Yesterday, I heard the mother of a 19-year-old activist describe how the transgender 19-year-old had been struck in the head by a cop at the I-94 shutdown on Saturday night. Aside from outrage at the story, I mostly noticed how inadequate English words are when we want to speak of our relations without gender or age.
Daughter and son are age-neutral, but there is no gender-neutral equivalent term except offspring, which seems completely wrong. Brothers and sisters can be replaced with siblings without sounding too awful, but offspring?
At the same time, child, which is the term this mother used when telling the story, can't help but imply a minor, even someone younger than adolescence. It's infantilizing. We have the neologism adult child (as in Adult Children of Alcoholics, ACOAs), which is clear, I guess, but is that the best we can do, other than the clinical-sounding offspring?
How about a return to the Old English bairn? Does that imply youth, or just relationship? I guess it feels like it implies youth, but maybe that's just because I translate it into child in my head.
The derivations of all of these words reveal some notable facts:
- Every one of the words listed above comes from Old English and goes back (through Germanic languages rather than Romance languages) to Proto-Indo-European.
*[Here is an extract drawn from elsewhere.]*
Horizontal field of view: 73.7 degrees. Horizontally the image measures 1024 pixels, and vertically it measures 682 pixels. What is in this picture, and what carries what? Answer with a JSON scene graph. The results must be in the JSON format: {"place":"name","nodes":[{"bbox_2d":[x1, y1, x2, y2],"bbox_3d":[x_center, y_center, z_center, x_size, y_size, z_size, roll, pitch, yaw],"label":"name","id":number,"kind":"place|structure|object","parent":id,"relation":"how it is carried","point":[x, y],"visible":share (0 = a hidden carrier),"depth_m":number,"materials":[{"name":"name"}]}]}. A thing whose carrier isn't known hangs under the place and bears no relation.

Even sibling, which I had thought was probably a later word, but no, it meant relative or kinsman in Old English. Sibling fell out of use for hundreds of years as English evolved and changed, until it was brought back into use in 1903 in the field of anthropology.
- Sister comes from one of the most persistent and unchanging PIE root words, with similar forms in all other languages descended from PIE. Brother's root word is almost as persistent.
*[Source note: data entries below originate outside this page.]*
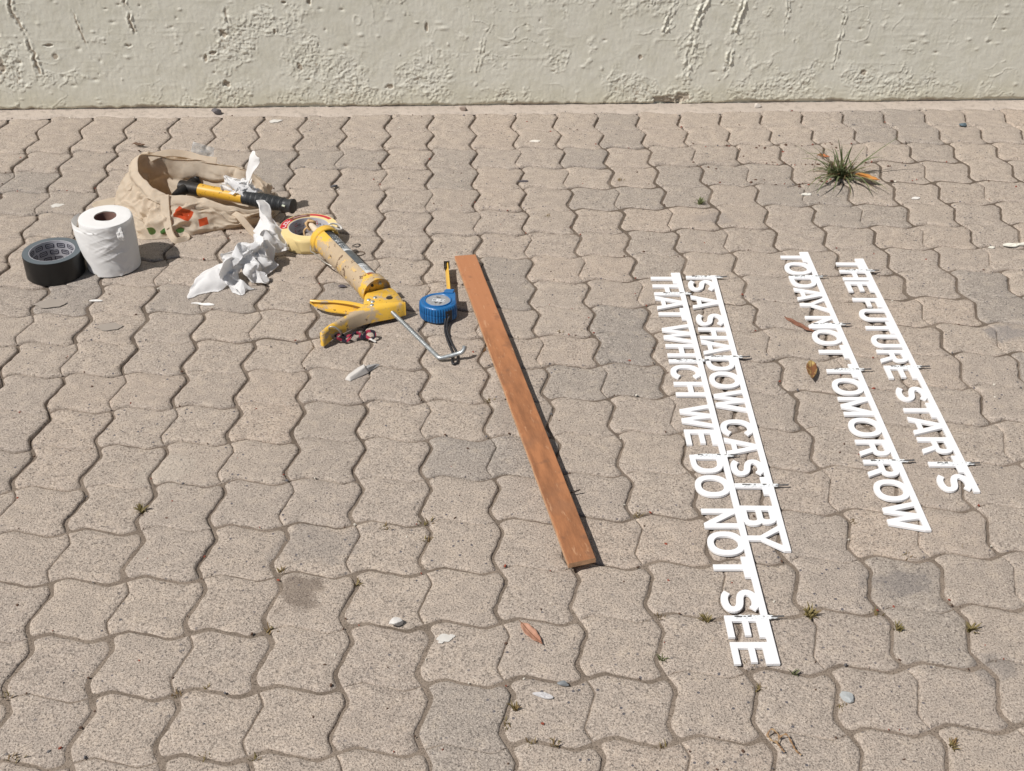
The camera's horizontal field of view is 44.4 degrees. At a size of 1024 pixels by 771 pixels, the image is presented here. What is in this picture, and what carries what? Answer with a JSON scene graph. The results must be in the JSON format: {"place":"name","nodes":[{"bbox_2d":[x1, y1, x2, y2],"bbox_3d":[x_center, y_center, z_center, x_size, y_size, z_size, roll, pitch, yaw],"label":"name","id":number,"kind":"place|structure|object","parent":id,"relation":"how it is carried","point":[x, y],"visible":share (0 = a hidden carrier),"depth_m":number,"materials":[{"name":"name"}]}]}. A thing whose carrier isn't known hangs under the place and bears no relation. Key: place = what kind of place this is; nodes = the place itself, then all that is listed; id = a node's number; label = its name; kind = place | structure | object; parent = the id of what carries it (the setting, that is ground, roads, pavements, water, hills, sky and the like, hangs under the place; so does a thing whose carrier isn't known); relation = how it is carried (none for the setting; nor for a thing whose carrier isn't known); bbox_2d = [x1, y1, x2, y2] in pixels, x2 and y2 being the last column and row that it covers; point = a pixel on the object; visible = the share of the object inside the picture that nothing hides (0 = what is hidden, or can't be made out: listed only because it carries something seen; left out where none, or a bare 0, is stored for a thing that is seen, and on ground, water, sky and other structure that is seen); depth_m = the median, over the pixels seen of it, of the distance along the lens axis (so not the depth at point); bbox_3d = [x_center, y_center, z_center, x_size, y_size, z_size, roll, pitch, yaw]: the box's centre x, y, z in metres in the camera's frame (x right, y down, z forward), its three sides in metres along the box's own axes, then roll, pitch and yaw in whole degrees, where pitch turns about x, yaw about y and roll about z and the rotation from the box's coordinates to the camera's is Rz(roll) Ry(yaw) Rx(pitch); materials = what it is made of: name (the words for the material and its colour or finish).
{"place":"outdoors","nodes":[
{"label":"outdoors","id":0,"kind":"place"},
{"bbox_2d":[0,109,1023,770],"bbox_3d":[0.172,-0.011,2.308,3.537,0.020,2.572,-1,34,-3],"label":"paving","id":1,"kind":"structure","parent":0,"point":[708,679],"depth_m":2.10,"materials":[{"name":"concrete"}]},
{"bbox_2d":[33,299,66,307],"bbox_3d":[-0.920,-0.164,2.499,0.065,0.001,0.035,-1,34,-3],"label":"cement spot","id":2,"kind":"object","parent":1,"relation":"on","point":[50,303],"visible":1,"depth_m":2.50,"materials":[{"name":"beige concrete"}]},
{"bbox_2d":[22,237,85,285],"bbox_3d":[-0.946,-0.257,2.591,0.118,0.050,0.118,-1,34,-3],"label":"duct tape","id":3,"kind":"object","parent":1,"relation":"on","point":[53,261],"visible":0.98,"depth_m":2.57,"materials":[{"name":"black plastic"}]},
{"bbox_2d":[51,203,63,206],"bbox_3d":[-1.037,-0.411,2.860,0.030,0.001,0.020,-1,34,-3],"label":"paint spot","id":4,"kind":"object","parent":1,"relation":"on","point":[56,205],"visible":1,"depth_m":2.86,"materials":[{"name":"white paint"}]},
{"bbox_2d":[71,205,140,276],"bbox_3d":[-0.843,-0.300,2.601,0.125,0.113,0.112,-1,34,-3],"label":"toilet roll","id":5,"kind":"object","parent":1,"relation":"on","point":[106,238],"visible":1,"depth_m":2.57,"materials":[{"name":"paper"}]},
{"bbox_2d":[96,322,122,330],"bbox_3d":[-0.780,-0.115,2.430,0.052,0.001,0.030,-1,34,-3],"label":"cement spot","id":6,"kind":"object","parent":1,"relation":"on","point":[108,326],"visible":1,"depth_m":2.43,"materials":[{"name":"beige concrete"}]},
{"bbox_2d":[134,503,147,513],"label":"weed","id":7,"kind":"object","parent":1,"relation":"on","point":[140,509],"visible":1,"depth_m":1.98,"materials":[{"name":"green plant"}]},
{"bbox_2d":[92,149,279,243],"bbox_3d":[-0.740,-0.432,2.791,0.434,0.127,0.288,-1,34,-3],"label":"tote bag","id":8,"kind":"object","parent":1,"relation":"on","point":[147,187],"visible":0.83,"depth_m":2.79,"materials":[{"name":"fabric"}]},
{"bbox_2d":[172,176,296,213],"bbox_3d":[-0.620,-0.415,2.779,0.294,0.038,0.092,17,38,23],"label":"hammer","id":9,"kind":"object","parent":8,"relation":"in","point":[194,186],"visible":0.91,"depth_m":2.78,"materials":[{"name":"yellow metal"}]},
{"bbox_2d":[220,151,263,195],"bbox_3d":[-0.601,-0.463,2.772,0.096,0.106,0.063,-1,34,-3],"label":"tissue wad","id":10,"kind":"object","parent":8,"relation":"in","point":[239,186],"visible":0.99,"depth_m":2.77,"materials":[{"name":"white paper"}]},
{"bbox_2d":[191,302,213,305],"bbox_3d":[-0.617,-0.163,2.502,0.048,0.003,0.009,3,34,4],"label":"paper scrap","id":11,"kind":"object","parent":1,"relation":"on","point":[208,304],"visible":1,"depth_m":2.50,"materials":[{"name":"white paper"}]},
{"bbox_2d":[187,200,288,298],"bbox_3d":[-0.545,-0.278,2.600,0.138,0.082,0.316,14,37,19],"label":"crumpled tissue","id":12,"kind":"object","parent":1,"relation":"on","point":[254,261],"visible":1,"depth_m":2.57,"materials":[{"name":"white paper"}]},
{"bbox_2d":[280,214,337,253],"bbox_3d":[-0.440,-0.330,2.720,0.124,0.035,0.125,-1,34,-3],"label":"masking tape","id":13,"kind":"object","parent":1,"relation":"on","point":[292,227],"visible":0.69,"depth_m":2.72,"materials":[{"name":"paper"}]},
{"bbox_2d":[345,364,379,380],"bbox_3d":[-0.273,-0.030,2.302,0.078,0.014,0.016,-26,43,-34],"label":"white stone","id":14,"kind":"object","parent":1,"relation":"on","point":[360,371],"visible":1,"depth_m":2.29,"materials":[{"name":"white stone"}]},
{"bbox_2d":[303,219,466,359],"bbox_3d":[-0.329,-0.187,2.475,0.214,0.078,0.579,-20,39,-27],"label":"sealant gun","id":15,"kind":"object","parent":1,"relation":"on","point":[381,297],"visible":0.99,"depth_m":2.47,"materials":[{"name":"yellow painted metal"},{"name":"plastic"},{"name":"galvanised steel"}]},
{"bbox_2d":[389,617,402,625],"bbox_3d":[-0.164,0.335,1.773,0.014,0.010,0.018,26,42,32],"label":"white stone","id":16,"kind":"object","parent":1,"relation":"on","point":[397,621],"visible":1,"depth_m":1.77,"materials":[{"name":"white stone"}]},
{"bbox_2d":[419,261,458,364],"bbox_3d":[-0.145,-0.153,2.464,0.076,0.037,0.360,-1,34,-3],"label":"tape measure","id":17,"kind":"object","parent":1,"relation":"on","point":[438,308],"visible":0.99,"depth_m":2.44,"materials":[{"name":"blue plastic"}]},
{"bbox_2d":[436,634,454,642],"bbox_3d":[-0.093,0.354,1.755,0.027,0.001,0.019,-1,34,-3],"label":"paint spot","id":18,"kind":"object","parent":1,"relation":"on","point":[441,638],"visible":1,"depth_m":1.76,"materials":[{"name":"white paint"}]},
{"bbox_2d":[0,176,963,761],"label":"joint growth","id":19,"kind":"object","parent":1,"relation":"on","point":[506,716],"visible":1,"depth_m":1.72,"materials":[{"name":"green plant"}]},
{"bbox_2d":[0,0,1023,109],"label":"wall","id":20,"kind":"structure","parent":1,"relation":"on","point":[96,54],"depth_m":3.29,"materials":[{"name":"paint"}]},
{"bbox_2d":[0,100,1023,119],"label":"mortar strip","id":21,"kind":"object","parent":1,"relation":"on","point":[666,108],"visible":1,"depth_m":3.36,"materials":[{"name":"beige concrete"}]},
{"bbox_2d":[211,108,221,114],"bbox_3d":[-0.780,-0.724,3.310,0.028,0.015,0.021,-1,34,-3],"label":"dark lump","id":22,"kind":"object","parent":21,"relation":"on","point":[216,111],"visible":1,"depth_m":3.30,"materials":[{"name":"grey stone"}]},
{"bbox_2d":[506,701,519,710],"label":"weed","id":23,"kind":"object","parent":1,"relation":"on","point":[514,707],"visible":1,"depth_m":1.65,"materials":[{"name":"plant"}]},
{"bbox_2d":[455,254,595,567],"bbox_3d":[0.011,0.000,2.256,0.066,0.022,0.971,-7,35,-11],"label":"wooden board","id":24,"kind":"object","parent":1,"relation":"on","point":[571,535],"visible":1,"depth_m":2.15,"materials":[{"name":"wood"}]},
{"bbox_2d":[520,621,541,643],"bbox_3d":[0.025,0.346,1.761,0.016,0.006,0.058,-22,40,-29],"label":"dry leaf","id":25,"kind":"object","parent":1,"relation":"on","point":[529,630],"visible":1,"depth_m":1.76,"materials":[{"name":"orange plant"}]},
{"bbox_2d":[532,692,553,698],"bbox_3d":[0.042,0.412,1.671,0.029,0.003,0.010,13,36,18],"label":"paint chip","id":26,"kind":"object","parent":1,"relation":"on","point":[544,695],"visible":1,"depth_m":1.67,"materials":[{"name":"white paint"}]},
{"bbox_2d":[557,680,568,685],"bbox_3d":[0.068,0.400,1.686,0.016,0.006,0.008,-1,34,-3],"label":"grey pebble","id":27,"kind":"object","parent":1,"relation":"on","point":[563,682],"visible":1,"depth_m":1.68,"materials":[{"name":"grey stone"}]},
{"bbox_2d":[656,653,666,662],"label":"weed","id":28,"kind":"object","parent":1,"relation":"on","point":[659,656],"visible":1,"depth_m":1.73,"materials":[{"name":"green plant"}]},
{"bbox_2d":[695,196,703,204],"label":"weed","id":29,"kind":"object","parent":1,"relation":"on","point":[700,201],"visible":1,"depth_m":2.90,"materials":[{"name":"green plant"}]},
{"bbox_2d":[698,612,712,621],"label":"weed","id":30,"kind":"object","parent":1,"relation":"on","point":[703,616],"visible":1,"depth_m":1.79,"materials":[{"name":"plant"}]},
{"bbox_2d":[651,273,783,665],"bbox_3d":[0.338,0.072,2.168,0.086,0.009,1.094,0,34,-1],"label":"letter sign","id":31,"kind":"object","parent":1,"relation":"on","point":[746,566],"visible":1,"depth_m":2.05,"materials":[{"name":"metal"}]},
{"bbox_2d":[686,275,790,552],"bbox_3d":[0.405,0.011,2.259,0.088,0.009,0.854,0,34,0],"label":"letter sign","id":32,"kind":"object","parent":1,"relation":"on","point":[766,485],"visible":1,"depth_m":2.22,"materials":[{"name":"metal"}]},
{"bbox_2d":[766,728,801,755],"bbox_3d":[0.347,0.456,1.601,0.022,0.012,0.051,-27,43,-34],"label":"dry twig","id":33,"kind":"object","parent":1,"relation":"on","point":[779,737],"visible":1,"depth_m":1.60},
{"bbox_2d":[787,668,799,675],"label":"weed","id":34,"kind":"object","parent":1,"relation":"on","point":[796,673],"visible":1,"depth_m":1.71,"materials":[{"name":"green plant"}]},
{"bbox_2d":[784,316,813,331],"bbox_3d":[0.566,-0.119,2.456,0.013,0.005,0.080,-27,43,-34],"label":"dry leaf","id":35,"kind":"object","parent":1,"relation":"on","point":[796,323],"visible":1,"depth_m":2.46,"materials":[{"name":"brown plant"}]},
{"bbox_2d":[802,602,820,619],"bbox_3d":[0.428,0.326,1.798,0.027,0.018,0.031,-25,42,-33],"label":"weed","id":36,"kind":"object","parent":1,"relation":"on","point":[810,613],"visible":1,"depth_m":1.80,"materials":[{"name":"plant"}]},
{"bbox_2d":[806,360,816,377],"bbox_3d":[0.553,-0.029,2.317,0.022,0.012,0.070,-1,34,-3],"label":"dry leaf","id":37,"kind":"object","parent":1,"relation":"on","point":[811,366],"visible":1,"depth_m":2.32,"materials":[{"name":"brown plant"}]},
{"bbox_2d":[840,691,853,702],"bbox_3d":[0.447,0.414,1.671,0.020,0.007,0.017,19,38,25],"label":"stone shard","id":38,"kind":"object","parent":1,"relation":"on","point":[846,696],"visible":1,"depth_m":1.67,"materials":[{"name":"white stone"}]},
{"bbox_2d":[799,137,898,194],"bbox_3d":[0.805,-0.538,2.978,0.242,0.125,0.198,-1,34,-3],"label":"grass tuft","id":39,"kind":"object","parent":1,"relation":"on","point":[839,170],"visible":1,"depth_m":3.01,"materials":[{"name":"green plant"}]},
{"bbox_2d":[854,172,879,179],"bbox_3d":[0.844,-0.495,3.000,0.072,0.017,0.026,22,39,28],"label":"dry leaf","id":40,"kind":"object","parent":39,"relation":"on","point":[861,174],"visible":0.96,"depth_m":3.00,"materials":[{"name":"orange plant"}]},
{"bbox_2d":[780,252,931,531],"bbox_3d":[0.624,-0.031,2.325,0.086,0.009,0.911,0,34,-1],"label":"letter sign","id":41,"kind":"object","parent":1,"relation":"on","point":[822,325],"visible":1,"depth_m":2.23,"materials":[{"name":"metal"}]},
{"bbox_2d":[891,619,904,631],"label":"weed","id":42,"kind":"object","parent":1,"relation":"on","point":[898,627],"visible":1,"depth_m":1.78,"materials":[{"name":"green plant"}]},
{"bbox_2d":[836,258,979,493],"bbox_3d":[0.734,-0.050,2.354,0.086,0.009,0.787,0,34,-1],"label":"letter sign","id":43,"kind":"object","parent":1,"relation":"on","point":[959,463],"visible":1,"depth_m":2.31,"materials":[{"name":"metal"}]},
{"bbox_2d":[948,737,960,751],"bbox_3d":[0.565,0.460,1.607,0.019,0.015,0.025,-1,34,-3],"label":"weed","id":44,"kind":"object","parent":1,"relation":"on","point":[953,743],"visible":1,"depth_m":1.61,"materials":[{"name":"plant"}]},
{"bbox_2d":[966,621,980,633],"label":"weed","id":45,"kind":"object","parent":1,"relation":"on","point":[970,628],"visible":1,"depth_m":1.78,"materials":[{"name":"plant"}]},
{"bbox_2d":[1003,242,1023,246],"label":"paint chip","id":46,"kind":"object","parent":1,"relation":"on","point":[1013,244],"visible":1,"depth_m":2.74,"materials":[{"name":"white paint"}]},
{"bbox_2d":[2,109,1022,769],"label":"litter","id":47,"kind":"object","parent":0,"point":[558,421],"visible":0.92,"depth_m":2.23,"materials":[{"name":"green plant"}]}
]}

- Offspring is just as old as the other words, but it isn't meant to be used as a singular. It comes from words that together mean just what you'd think: those who spring off of someone.
- Child, bairn, and son all have roots that derive from PIE words pertaining to the act of birth or carrying a child in the womb. Which is not a great fit for our era when parents are often not genetically related to their children. Child's Old English equivalent means newborn or even fetus. All those extra years up to adolescence got added later.
Here are some other not-so-good options: spawn, fry, brood, get, progeny, prole. Like offspring, many of those imply pluralness or, worse, have negative connotations from associations with fish or illegitimacy.
Though I admit it would be funny if we all started saying, "I got an email from my prole the other day."